Description of the task | Everything in the listing below should be repeated verbatim, apart from the pictures.

Exercise materials |

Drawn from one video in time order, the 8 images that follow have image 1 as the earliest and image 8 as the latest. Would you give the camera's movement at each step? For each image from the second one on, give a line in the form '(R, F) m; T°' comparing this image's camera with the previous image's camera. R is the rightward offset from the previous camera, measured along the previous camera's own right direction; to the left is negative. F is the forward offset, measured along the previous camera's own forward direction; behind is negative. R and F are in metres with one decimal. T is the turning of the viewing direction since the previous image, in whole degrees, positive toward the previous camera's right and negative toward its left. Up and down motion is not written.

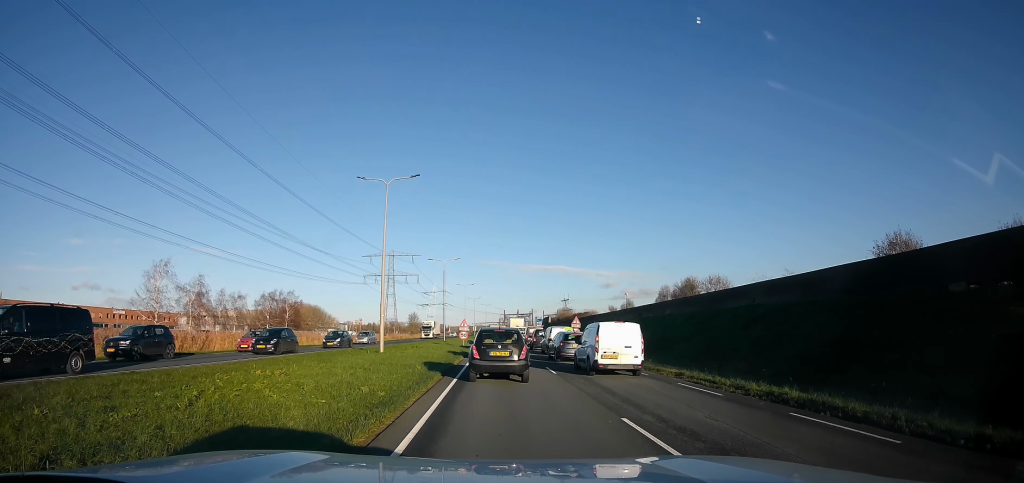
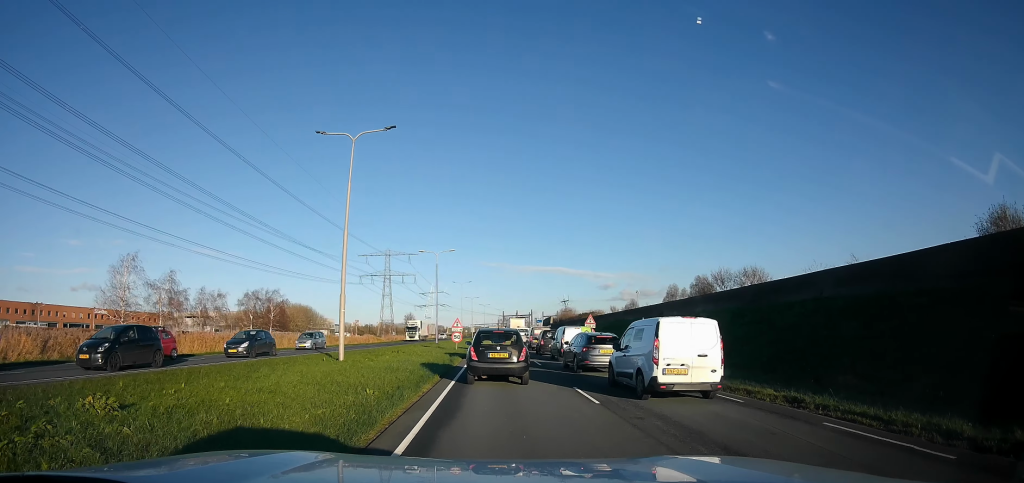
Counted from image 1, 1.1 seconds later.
(0.0, +7.6) m; +1°
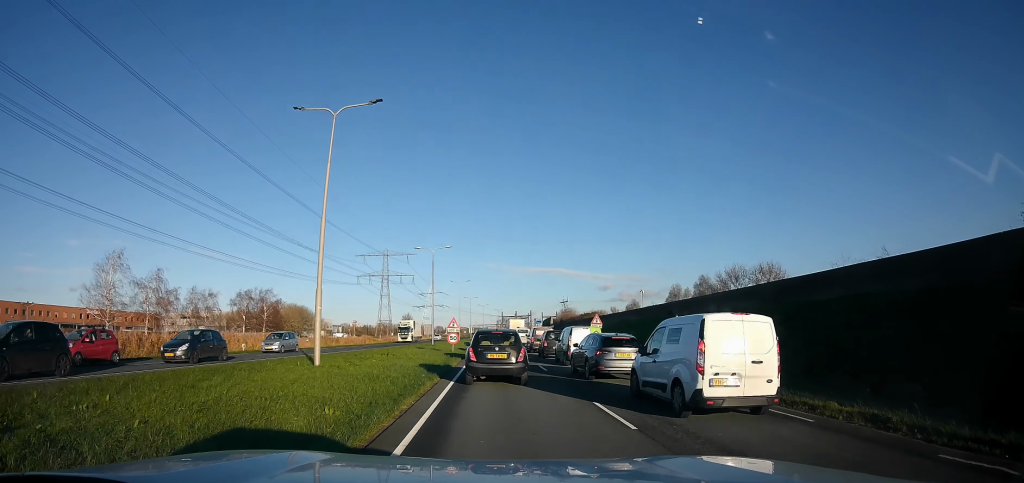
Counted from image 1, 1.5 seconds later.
(-0.1, +2.9) m; +1°
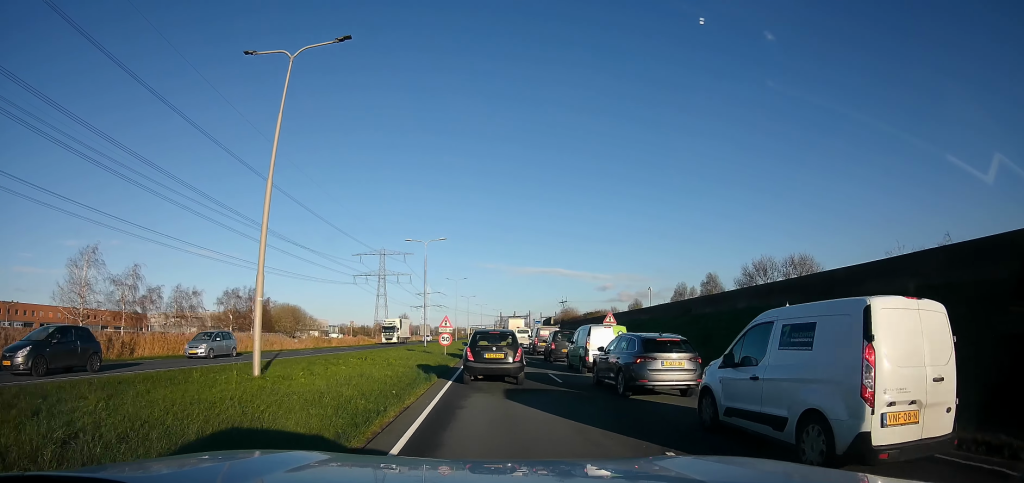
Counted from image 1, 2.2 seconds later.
(+0.1, +4.6) m; +2°
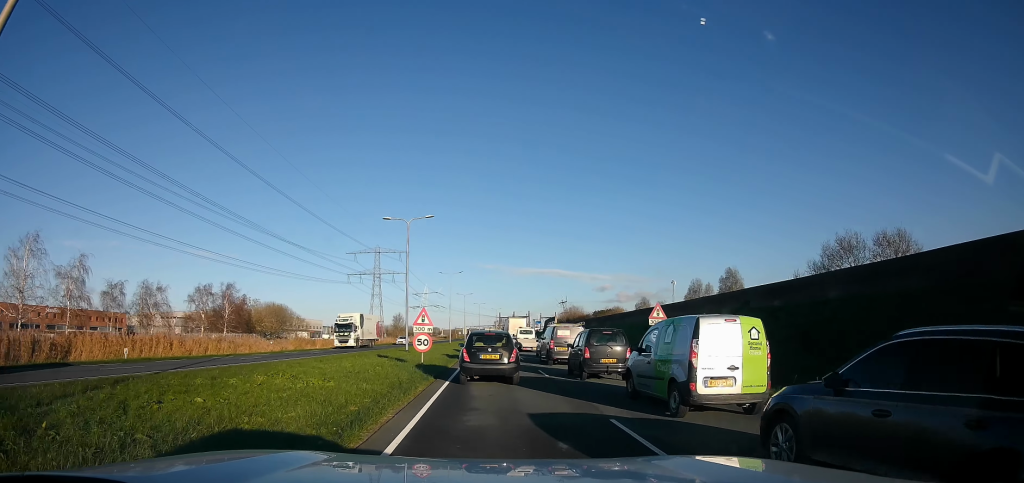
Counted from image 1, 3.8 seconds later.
(+0.2, +9.2) m; +2°
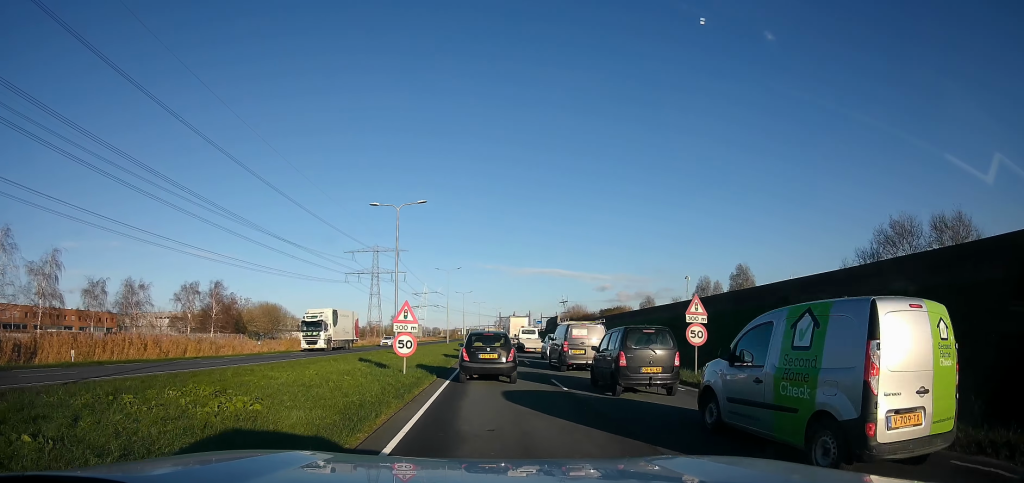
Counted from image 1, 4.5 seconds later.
(0.0, +4.2) m; 0°
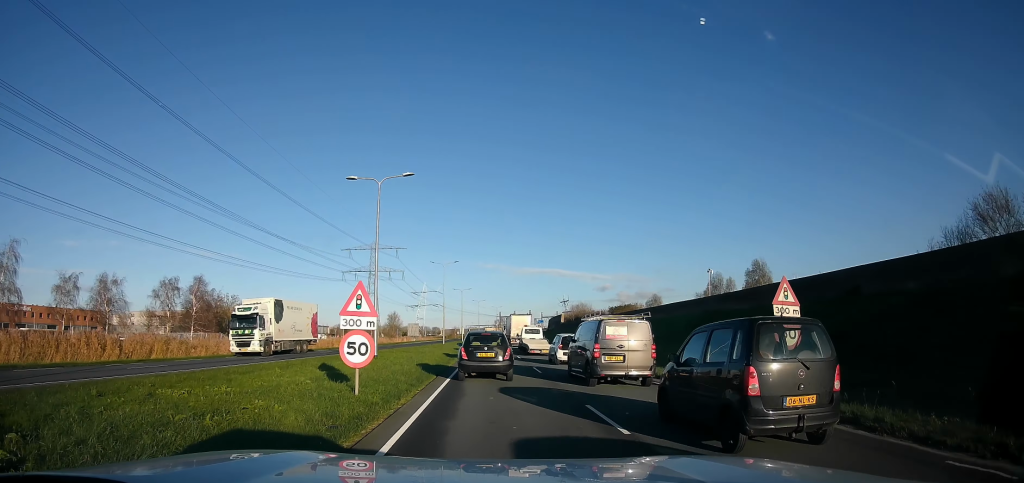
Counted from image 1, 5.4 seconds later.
(0.0, +5.8) m; 0°
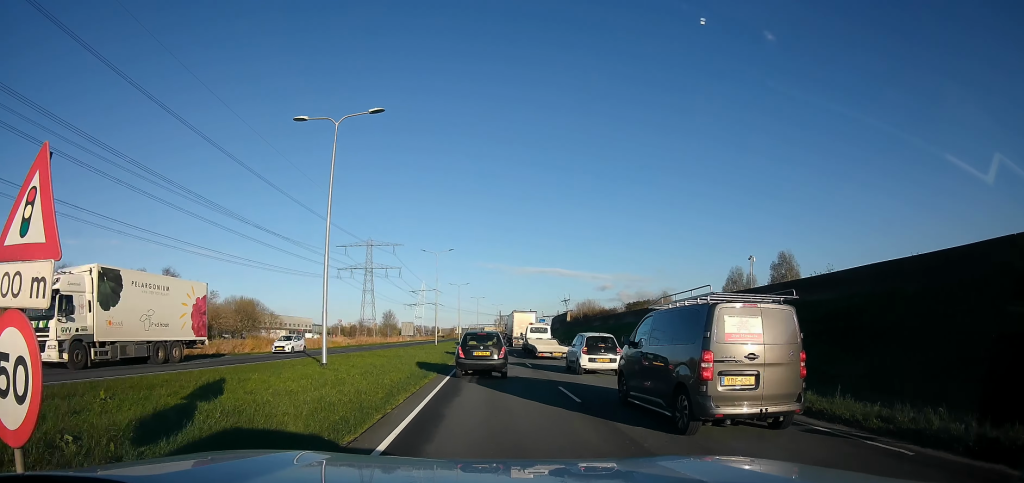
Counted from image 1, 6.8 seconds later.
(0.0, +8.3) m; -2°

Response to this task |
Drawn from one video in time order, the 8 images that follow have image 1 as the earliest and image 8 as the latest. Would you give the camera's movement at each step? For each image from the second one on, give a line in the form '(R, F) m; T°' comparing this image's camera with the previous image's camera. R is the rightward offset from the previous camera, measured along the previous camera's own right direction; to the left is negative. F is the forward offset, measured along the previous camera's own forward direction; behind is negative. R and F are in metres with one decimal. T is the turning of the viewing direction since the previous image, in whole degrees, positive toward the previous camera's right and negative toward its left. Up and down motion is not written.

Counted from image 1, 1.1 seconds later.
(0.0, +7.6) m; +1°
Counted from image 1, 1.5 seconds later.
(-0.1, +2.9) m; +1°
Counted from image 1, 2.2 seconds later.
(+0.1, +4.6) m; +2°
Counted from image 1, 3.8 seconds later.
(+0.2, +9.2) m; +2°
Counted from image 1, 4.5 seconds later.
(0.0, +4.2) m; 0°
Counted from image 1, 5.4 seconds later.
(0.0, +5.8) m; 0°
Counted from image 1, 6.8 seconds later.
(0.0, +8.3) m; -2°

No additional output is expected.